AMPC is investing in research that seeks to understand “critical vulnerabilities in the value chain” as well as investigating technology, infrastructure options and mitigation techniques to minimise the industry’s impact on the environment.
In an address at the 2XEP Energy Productivity Summit in Sydney in April, the impact the ongoing energy crisis will have on industry was top of the agenda.
“Over the last 10 years, we have seen a decline in red meat consumption,” said Carl Duncan, who is group manager for resource efficiency at beef supplier Teys Australia. “High [energy] costs and competition mean the industry needs help.
“We would be the first to put our hands up and say that, while working collaboratively with government, we all need to help work through the energy crisis we are experiencing at the moment.
“What we would like to see is consistent policies [from the government] because, with large corporate companies and the current energy crisis being so rapid, it can be difficult for them to react.”
Using renewable sources of energy is one area were Teys is managing its consumption. By diverting wastewater, they have managed to offset 20 to 30 per cent of the company’s natural gas needs across their portfolio.
“The fact is: the energy crisis is putting unsustainable pressure on the industry, with energy markets increasing from 60 to 170 per cent in the last year and natural gas is increasing too,” Duncan added.
“Throwing stones isn’t going to solve the problem, so we all need to collaborate together to help solve it.”
In most food businesses, wastewater – whether a bi-product or as a consumable – contains organic matter, which keeps it at an artificially high temperature.
“Both the elevated temperature and the organic mater are potential sources of energy available to a food production business,” Wiskar explained.

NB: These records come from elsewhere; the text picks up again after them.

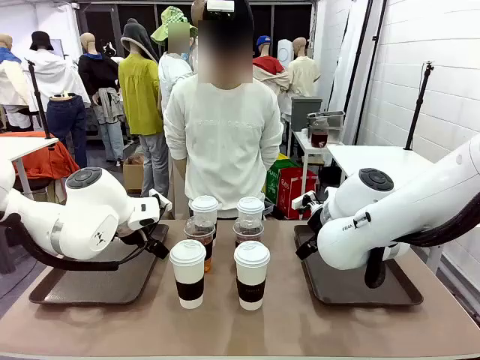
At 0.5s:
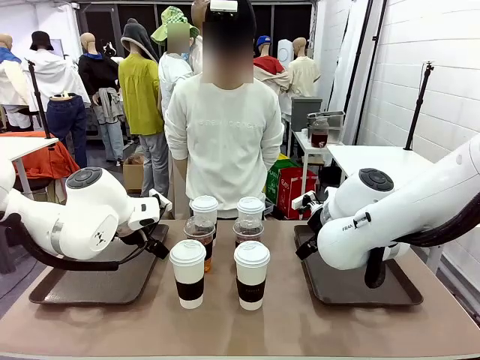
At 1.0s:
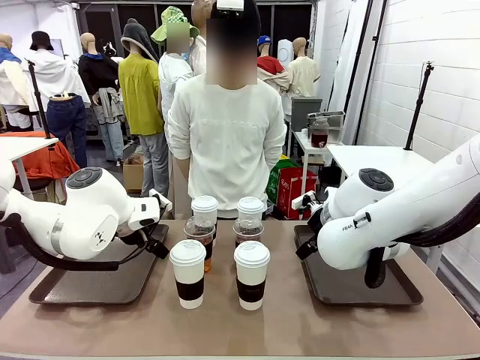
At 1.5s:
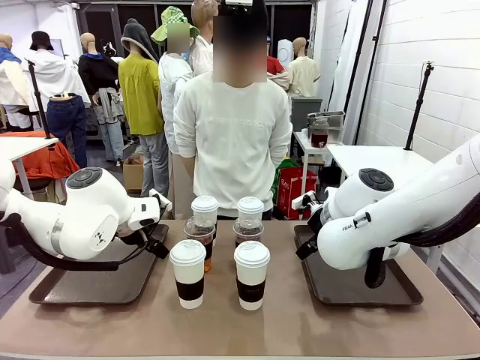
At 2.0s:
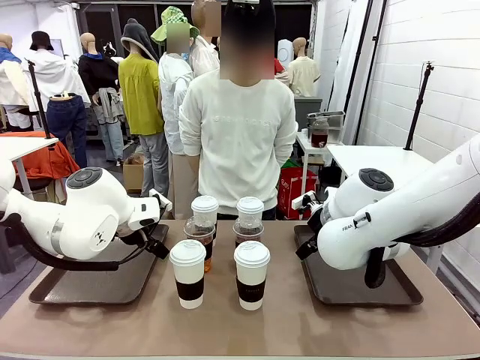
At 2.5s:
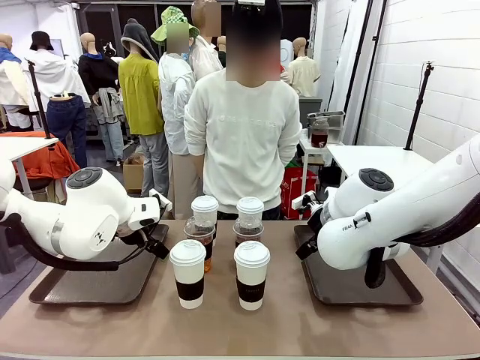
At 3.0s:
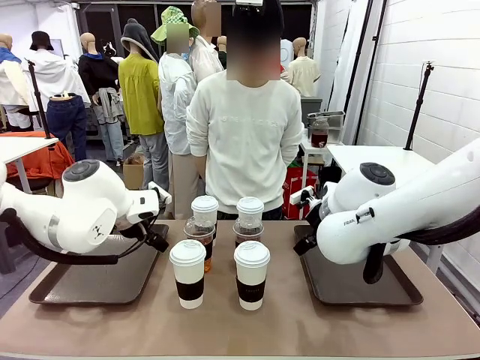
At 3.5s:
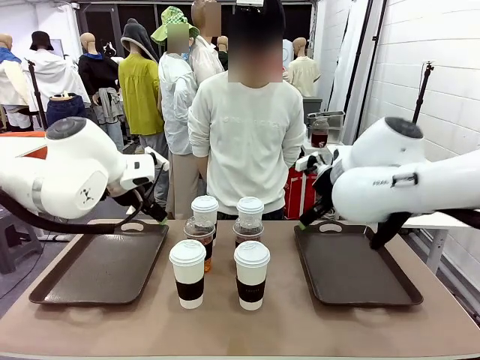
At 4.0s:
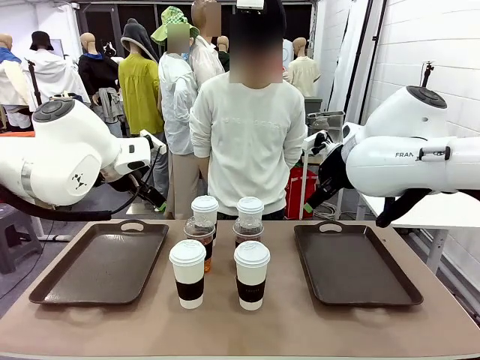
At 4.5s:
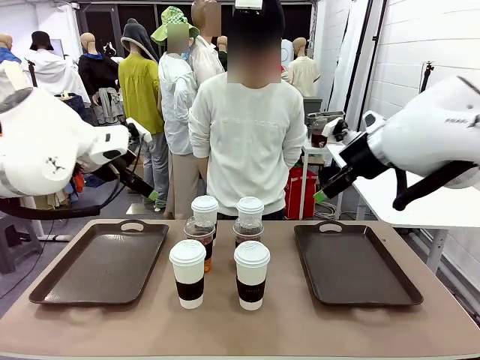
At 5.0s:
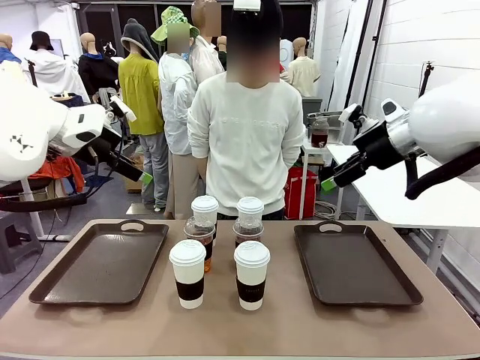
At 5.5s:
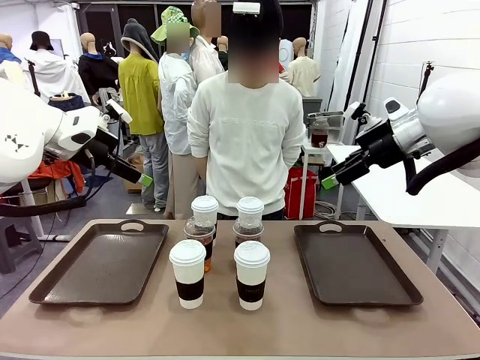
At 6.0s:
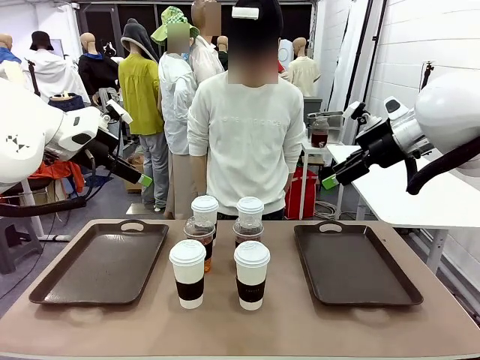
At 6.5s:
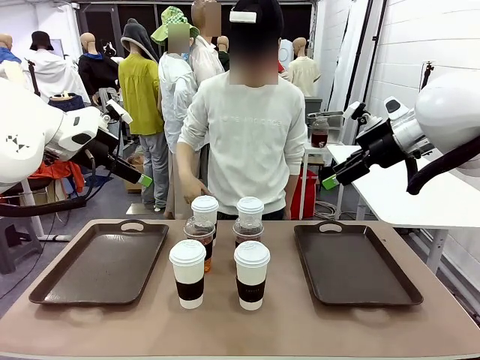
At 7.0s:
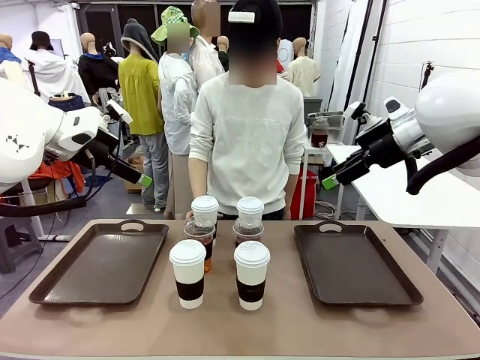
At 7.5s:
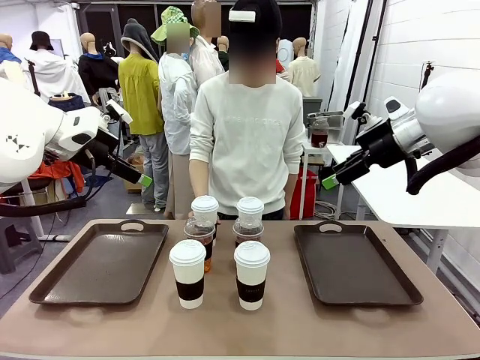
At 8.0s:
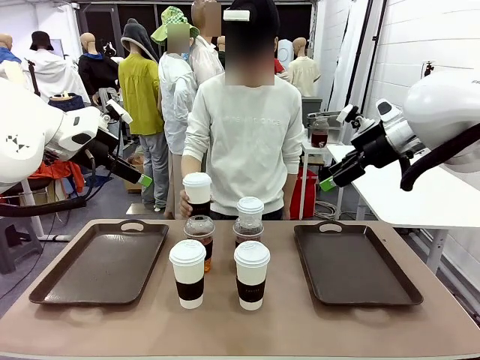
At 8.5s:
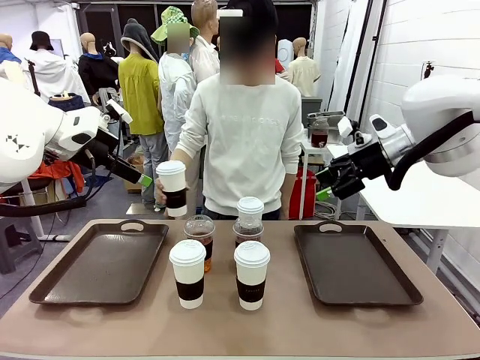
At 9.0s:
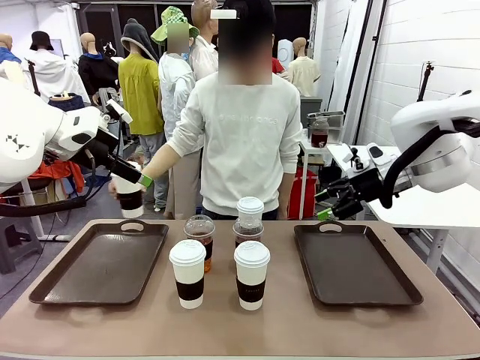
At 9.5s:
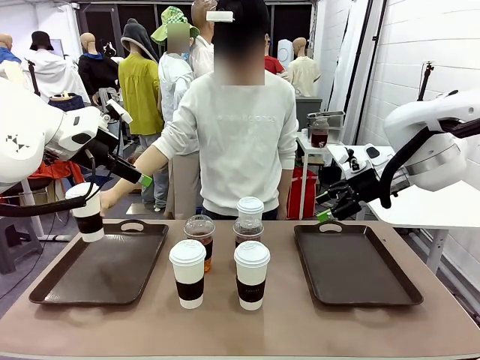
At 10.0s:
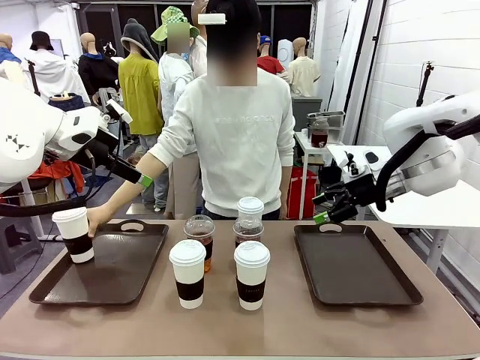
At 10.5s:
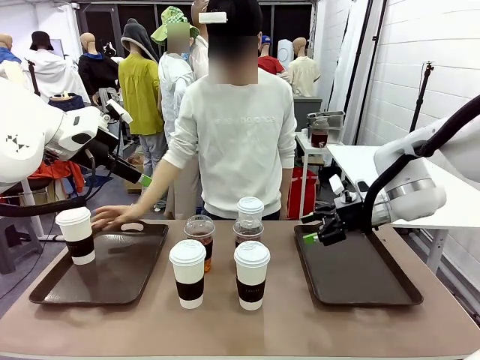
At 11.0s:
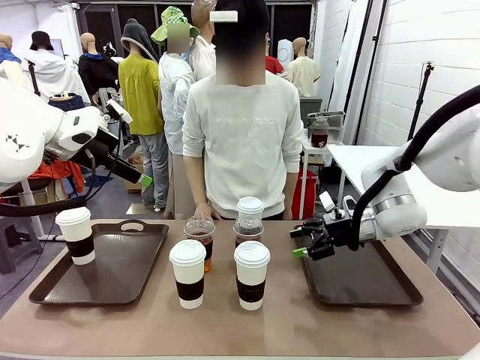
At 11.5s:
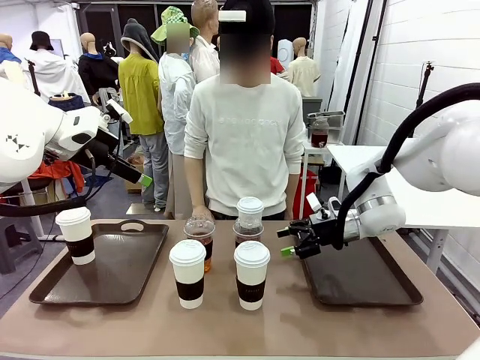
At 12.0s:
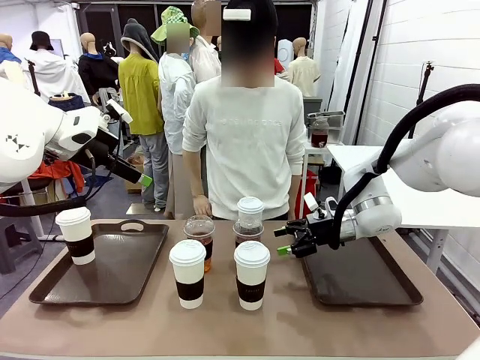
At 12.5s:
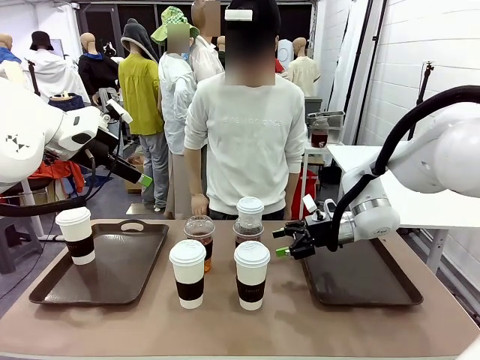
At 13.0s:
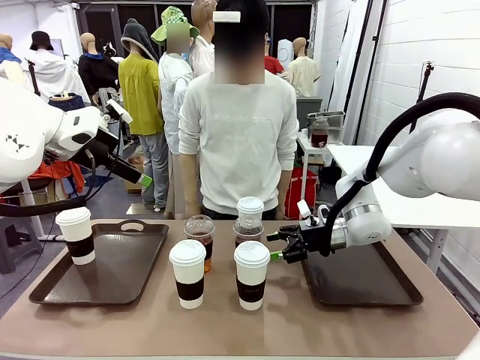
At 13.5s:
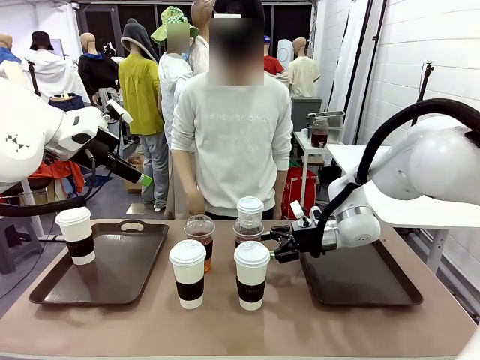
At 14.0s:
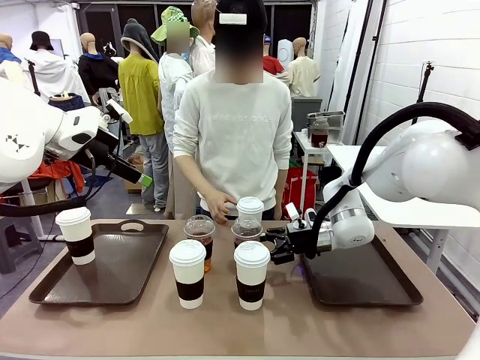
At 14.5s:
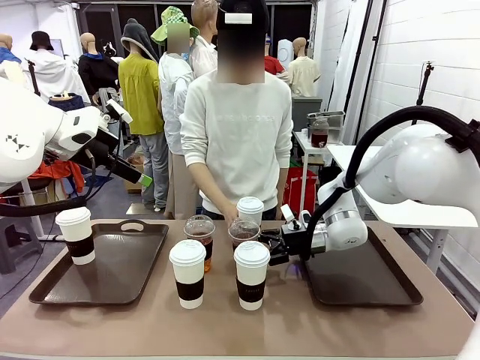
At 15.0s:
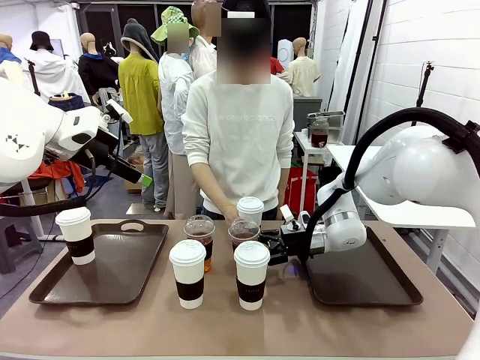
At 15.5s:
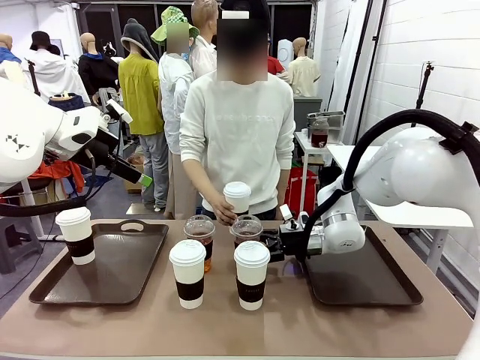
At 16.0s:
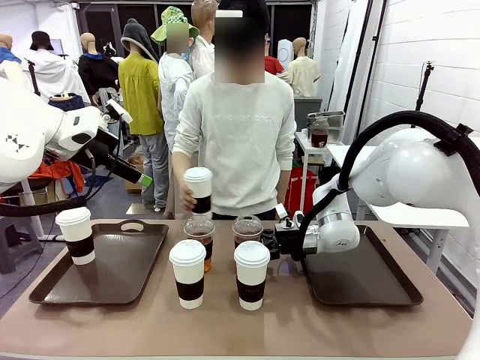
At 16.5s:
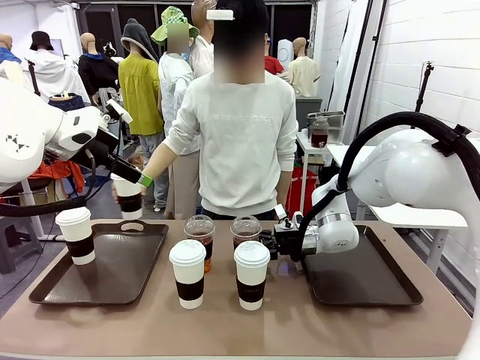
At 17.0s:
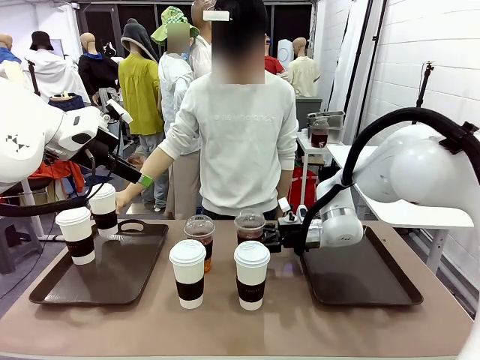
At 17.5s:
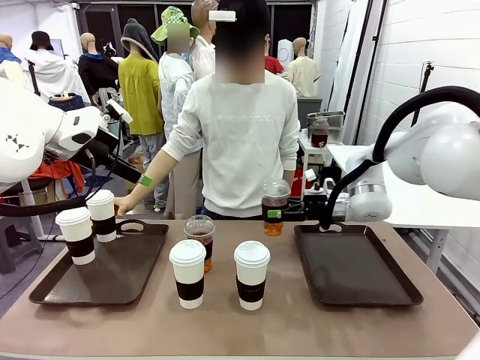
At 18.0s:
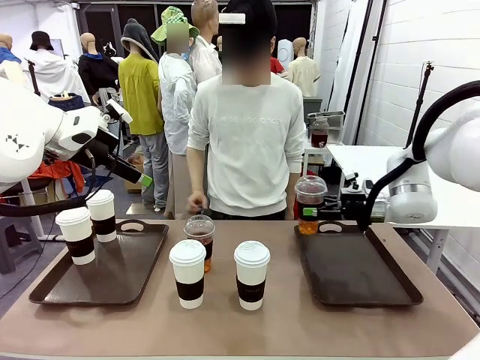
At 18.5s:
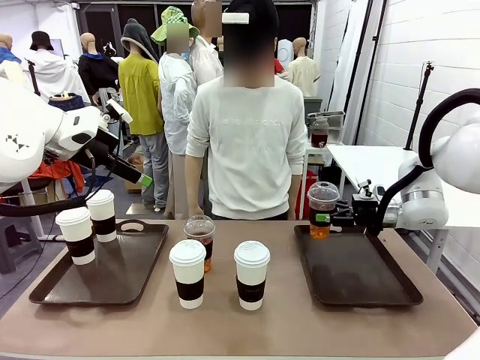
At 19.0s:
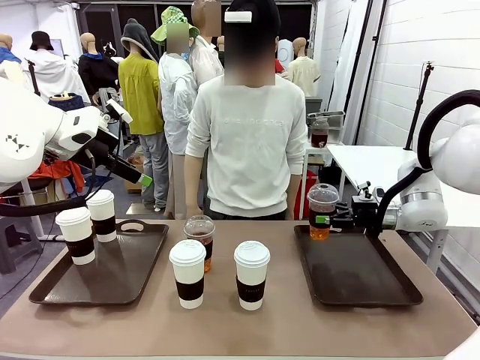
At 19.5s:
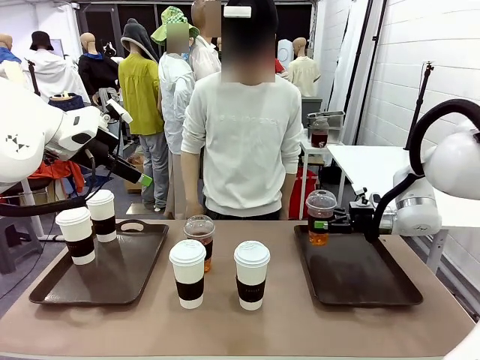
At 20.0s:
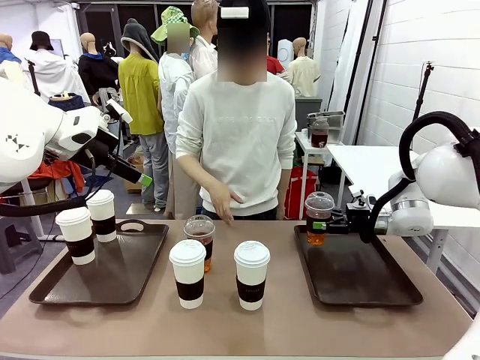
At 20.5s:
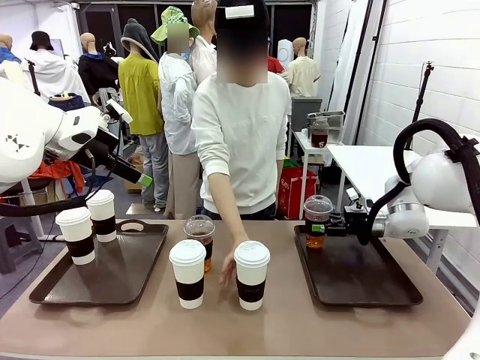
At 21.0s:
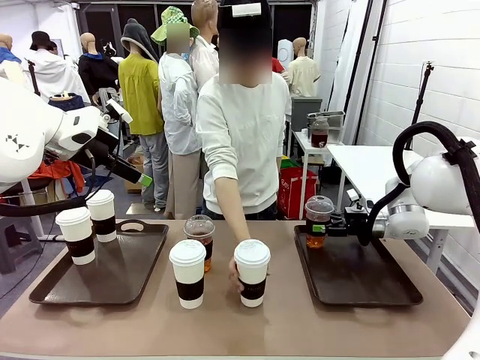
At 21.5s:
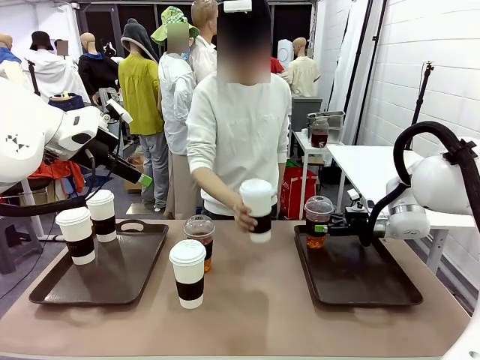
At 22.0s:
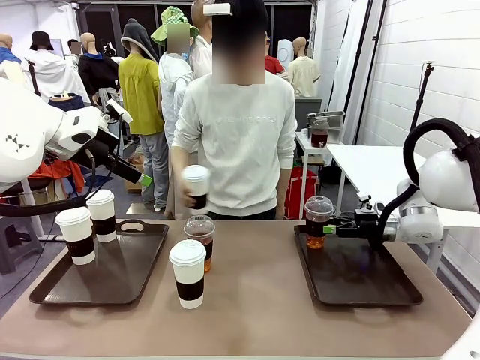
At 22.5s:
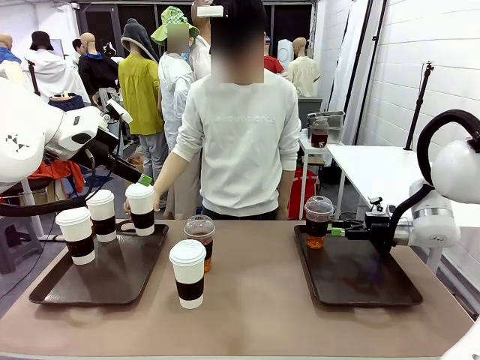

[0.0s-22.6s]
Task: Distribute the coffee onto the tray.
Robot: Pick up one iced Americano and place it on the right Handle tray.
Person: Pick up a cup of hot Americano and place it on the right tray.

“Through the implementation
of bio-energy recovery systems, businesses are able to harvest energy locked in the organic matter suspended in their wastewater.
“Covered anaerobic ponds or closed tanks allow the biological matter to breakdown generating bio-gas, which can be burnt to create energy.

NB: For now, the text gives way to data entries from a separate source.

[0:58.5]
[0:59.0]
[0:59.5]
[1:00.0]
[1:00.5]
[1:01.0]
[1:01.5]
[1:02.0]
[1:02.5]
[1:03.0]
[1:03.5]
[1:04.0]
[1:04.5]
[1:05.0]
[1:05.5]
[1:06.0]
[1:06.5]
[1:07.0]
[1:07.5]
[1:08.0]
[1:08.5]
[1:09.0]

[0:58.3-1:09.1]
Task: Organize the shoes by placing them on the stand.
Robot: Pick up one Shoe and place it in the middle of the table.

“In addition, waste heat recovery systems can allow hot water and steam to be used as a source of energy through a range of potential conversion systems.”
Expectations are changing
Simplot, based in Victoria, is one of Australia’s leading food manufacturers for some of the world’s well-known packaged and canned food brands.
Speaking at the 2xEP Summit, the company’s manager for national continuous improvement, Carmel Gilles, explained how “integrating lean processes” is helping reduce energy cost.
“At Simplot, we have created a framework for continuous development and sustainability,” Gilles said. “A system where we can audit all of our sites to find where the gaps are and that helps us generate our plans. “
Their customers are also expecting are harder drive on energy and sustainability improvements. To do this, Simplot is engaging all of its employees to help make a difference.
Wiley are working closely with the food industry, empowering more companies to follow the same example.
“Simple wins exist in most food production businesses and are, generally, easily identified by auditing the operation to determine where power is currently being consumed,” Wiskar said.
“However, just because a change in the production process might reduce energy consumption doesn’t mean savings are scalable with continued long-term positive impacts.”
Simple solutions are often powerful and within reach – whether by changing the insulation or the means of exhaust within a production facility.
In addition, business operations often feel stuck with their current level of energy usage due to the “sunk cost” fallacy, where managers are reluctant to replace equipment that may be wasteful.
“This is despite the fact that a newer, more energy-efficient system might pay for itself – and the equipment it replaced – through energy saving alone,” Wiskar added.
“Exploring energy cost reduction through innovation is rarely a waste of time.”